# Gameboy Emulator



## deadline (11. Oktober 2006)

Hi,
ich habe einen PDA mit Windows CE 3.0 und der ist auch nicht gerade der schnellste. Ich suche schon seit längerer Zeit einen Gb Emulator, der nicht so viel Speicher und alles braucht, weil die, die ich ausprobiert habe bringen es nicht fertig, die Spiele flüssig wiederzugeben.

Kennt jemand von euch einen guten Emulator? Es wäre am besten wenn es Freeware ist.

Lg
Chris


----------



## d4kine (18. Oktober 2006)

Powered by 1 minute google: http://www.google.de/search?hl=de&q=goboy&btnG=Suche&meta=


----------



## Alexander Schuc (18. Oktober 2006)

d4kine hat gesagt.:


> Powered by 1 minute google: http://www.google.de/search?hl=de&q=goboy&btnG=Suche&meta=



Scheint aber nicht für Windows CE zu sein. ;P

Gibt es einen Gameboy-/NES-/...-Emulator für meinen PPC?

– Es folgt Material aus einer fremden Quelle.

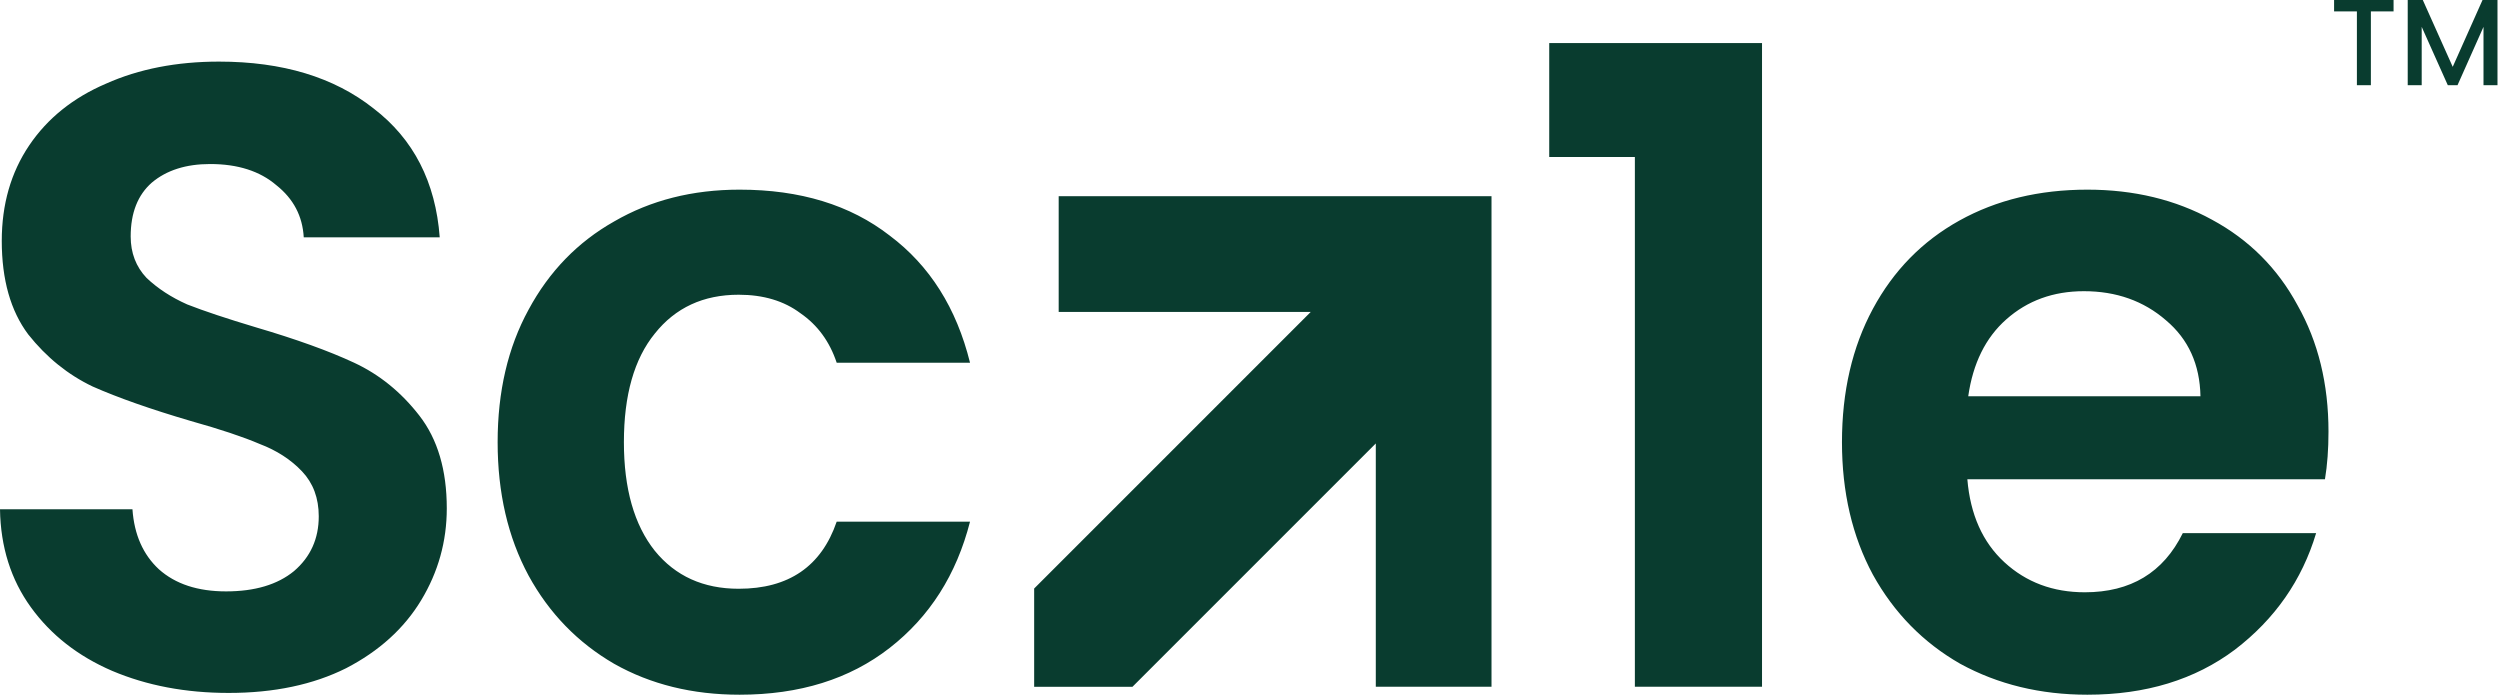 <svg width="433" height="121" viewBox="0 0 433 121" fill="none" xmlns="http://www.w3.org/2000/svg">
<path fill-rule="evenodd" clip-rule="evenodd" d="M432.565 14.762V0H429.973L424.812 11.576L419.629 0H417.017V14.762H419.438V4.652L423.962 14.762H425.64L430.143 4.652V14.762H432.565ZM268.326 27.187V7.459H305.182V118.946H283.16V27.187H268.326ZM403.294 74.751C403.294 77.81 403.09 80.562 402.682 83.009H340.745C341.255 89.126 343.396 93.918 347.168 97.385C350.941 100.851 355.58 102.584 361.085 102.584C369.038 102.584 374.696 99.169 378.06 92.338H401.153C398.706 100.494 394.016 107.223 387.083 112.525C380.151 117.725 371.637 120.324 361.544 120.324C353.388 120.324 346.047 118.54 339.522 114.972C333.099 111.301 328.052 106.153 324.382 99.526C320.813 92.899 319.029 85.252 319.029 76.586C319.029 67.818 320.813 60.121 324.382 53.494C327.95 46.867 332.946 41.769 339.369 38.2C345.792 34.632 353.184 32.848 361.544 32.848C369.598 32.848 376.786 34.581 383.107 38.048C389.53 41.514 394.475 46.459 397.941 52.882C401.51 59.203 403.294 66.493 403.294 74.751ZM381.119 68.634C381.017 63.128 379.029 58.744 375.155 55.482C371.281 52.117 366.54 50.435 360.932 50.435C355.631 50.435 351.145 52.066 347.474 55.329C343.906 58.489 341.714 62.924 340.898 68.634H381.119ZM91.542 53.647C87.974 60.172 86.19 67.818 86.19 76.586C86.19 85.354 87.974 93.052 91.542 99.679C95.111 106.204 100.055 111.301 106.376 114.972C112.698 118.54 119.936 120.324 128.093 120.324C138.492 120.324 147.158 117.623 154.091 112.219C161.024 106.816 165.663 99.526 168.008 90.35H144.915C142.264 98.099 136.606 101.973 127.94 101.973C121.822 101.973 116.98 99.781 113.411 95.397C109.843 90.911 108.059 84.641 108.059 76.586C108.059 68.43 109.843 62.16 113.411 57.776C116.98 53.29 121.822 51.047 127.94 51.047C132.222 51.047 135.79 52.117 138.645 54.258C141.602 56.297 143.692 59.152 144.915 62.822H168.008C165.663 53.341 161.024 46 154.091 40.8C147.26 35.499 138.594 32.848 128.093 32.848C119.936 32.848 112.698 34.683 106.376 38.353C100.055 41.922 95.111 47.02 91.542 53.647ZM39.609 120.016C32.166 120.016 25.438 118.741 19.422 116.192C13.509 113.643 8.819 109.973 5.353 105.181C1.886 100.389 0.102 94.731 0 88.206H22.94C23.245 92.59 24.775 96.056 27.528 98.605C30.382 101.154 34.257 102.429 39.15 102.429C44.146 102.429 48.071 101.256 50.926 98.911C53.781 96.464 55.208 93.304 55.208 89.429C55.208 86.269 54.239 83.669 52.302 81.63C50.365 79.591 47.918 78.011 44.962 76.889C42.107 75.666 38.131 74.34 33.033 72.913C26.1 70.874 20.442 68.886 16.058 66.948C11.776 64.909 8.054 61.902 4.894 57.926C1.835 53.847 0.306 48.444 0.306 41.715C0.306 35.394 1.886 29.888 5.047 25.198C8.207 20.509 12.642 16.94 18.352 14.493C24.061 11.944 30.586 10.67 37.927 10.67C48.938 10.67 57.859 13.372 64.69 18.775C71.623 24.077 75.446 31.52 76.16 41.103H52.608C52.404 37.433 50.824 34.425 47.867 32.08C45.013 29.633 41.189 28.41 36.398 28.41C32.217 28.41 28.853 29.48 26.304 31.622C23.857 33.763 22.634 36.872 22.634 40.95C22.634 43.805 23.551 46.201 25.387 48.138C27.324 49.973 29.669 51.502 32.421 52.726C35.276 53.847 39.252 55.173 44.35 56.702C51.283 58.741 56.941 60.78 61.325 62.819C65.709 64.859 69.482 67.917 72.642 71.995C75.803 76.073 77.383 81.426 77.383 88.053C77.383 93.762 75.905 99.064 72.948 103.958C69.991 108.852 65.658 112.777 59.949 115.733C54.239 118.588 47.46 120.016 39.609 120.016ZM414.566 0V1.975H410.636V14.762H408.215V1.975H404.264V0H414.566ZM258.33 33.985H183.364V54.024H227.023L179.116 101.932V118.954L196.14 118.954L238.288 76.806V118.946H258.33V33.985Z" fill="#093C2F"/>
</svg>

mysql_fetch_array, eventuel ist in der Liste dort was brauchbares für dich dabei..


----------



## AnTi-do (25. Oktober 2006)

Hi
Ich kann jetzt nicht garantieren ob das funktioniert, aber du könntest doch einfach eine
normale emu nehmen und auf dein PDA drauf haun.Dann noch nen Rom deiner wahl und dann damit zocken =).


Falls du noch ne emu oder so brauchst kannst  du da http://www.n-roms.de mal gucken


----------



## Hookah (20. März 2007)

Also es gibt einen emu für Pda´s und zwar 
PocketGB

aber genaueres weiß ich nicht, ich weiß nicht ob der nur alte GB games abspielt oder auf GBA Games. Quäl einfach Google mit der Frage.

Wenn es nicht unbedingt GB Games sein müssen dann schau mal bei 

http://www.pocketpc-spiele.de/

vorbei.

Ich hoffe ich konnte helfen.

mfG

Edit: Gar nicht gesehen das das Thema schon älter ist. Aber könnte ja für andere noch interessant sein.


----------



## besman (13. November 2007)

Hey Kann mir einer etwas wichtiges erkl#ren, also wenn ich auf MeBoy Builder klicke kann ich Add ROM machen, dann wenn ich z.b irgendein rom download und zu ROMs adden will, dann gehts nicht 

BITTE HILFT mir dann steht: [Name von Game] does not seem to be valid , and it will not been included in the MeBoy.jar file

Bitte hilft mirrr
Ich will hald spiele auf mein handy spielen


----------